The multiconfigurational time-dependent Hartree for fermions: Implementation, exactness and application to few-fermion tunneling to open space

TL;DR

This paper introduces an efficient implementation of the multiconfigurational time-dependent Hartree method for fermions, demonstrating its accuracy and applying it to analyze the tunneling behavior of few-fermion systems escaping a trap.

Contribution

The paper develops a new MCTDH-X software package for fermions, extending existing methods, and validates its accuracy through benchmark models and a detailed study of fermion tunneling.

Findings

MCTDHF can solve time-dependent many-fermion Schrödinger equations with arbitrary precision.

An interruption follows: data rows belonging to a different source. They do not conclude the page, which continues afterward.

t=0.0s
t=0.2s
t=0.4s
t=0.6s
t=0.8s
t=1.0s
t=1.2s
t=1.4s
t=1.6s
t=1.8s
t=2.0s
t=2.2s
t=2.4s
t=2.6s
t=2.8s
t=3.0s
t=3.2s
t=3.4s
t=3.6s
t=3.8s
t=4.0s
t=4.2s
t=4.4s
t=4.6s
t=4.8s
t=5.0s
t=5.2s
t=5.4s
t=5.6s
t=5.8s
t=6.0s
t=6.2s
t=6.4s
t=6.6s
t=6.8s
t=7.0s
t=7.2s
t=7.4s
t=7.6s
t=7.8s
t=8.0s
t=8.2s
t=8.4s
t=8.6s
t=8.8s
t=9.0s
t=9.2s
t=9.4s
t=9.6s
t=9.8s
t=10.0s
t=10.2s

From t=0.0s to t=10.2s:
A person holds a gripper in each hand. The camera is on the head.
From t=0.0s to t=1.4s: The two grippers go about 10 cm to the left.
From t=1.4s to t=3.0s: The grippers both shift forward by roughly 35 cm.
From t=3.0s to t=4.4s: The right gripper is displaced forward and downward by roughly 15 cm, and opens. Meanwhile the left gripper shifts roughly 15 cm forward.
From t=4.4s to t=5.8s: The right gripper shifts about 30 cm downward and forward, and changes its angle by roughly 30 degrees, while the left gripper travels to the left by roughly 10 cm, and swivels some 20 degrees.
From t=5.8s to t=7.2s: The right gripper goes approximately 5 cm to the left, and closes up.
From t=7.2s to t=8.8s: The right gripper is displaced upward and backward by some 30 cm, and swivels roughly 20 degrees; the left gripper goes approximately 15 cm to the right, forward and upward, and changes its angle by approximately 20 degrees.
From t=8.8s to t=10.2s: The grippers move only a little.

The study confirms the sequential nature of fermion tunneling and links it to chemical potentials.

The method accurately captures two-fermion correlation functions during tunneling.

Abstract

We report on an implementation of the multiconfigurational time-dependent Hartree method (MCTDH) for spin-polarized fermions (MCTDHF). Our approach is based on a mapping for opera- tors in Fock space that allows a compact and efficient application of the Hamiltonian and solution of the MCTDHF equations of motion. Our implementation extends, builds on and exploits the recursive implementation of MCTDH for bosons (R-MCTDHB) package. Together with R-MCTDHB, the present implementation of MCTDHF forms the MCTDH-X package. We benchmark the accuracy of the algorithm with the harmonic interaction model and a time-dependent generalization thereof. These models consider parabolically trapped particles that interact through a harmonic interaction potential. We demonstrate, that MCTDHF is capable of solving the time-dependent many-fermion Schr\"odinger equation to an in principle arbitrary degree of precision and can hence yield numerically exact results even in the case of Hamiltonians with time-dependent one-body and two-body potentials. As an application we study the problem of two initially parabolically confined and charged fermions tunneling through a barrier to open space. We demonstrate the validity of a model proposed previously for the many-body tunneling to open space of bosonic particles with contact interactions [Proc. Natl. Acad. Sci. USA 109, 13521-13525 (2012)]. The many-fermion tunneling can be built up from sequentially happening single-fermion tunneling processes. The characteristic momenta of these processes are determined by the chemical potentials of trapped subsystems of smaller particle numbers: the escaped fermions convert the different chemical potentials into kinetic energy. Using the two-body correlation function, we present a detailed picture of the sequentiality of the process and are able to tell tunneling from over-the-barrier escape.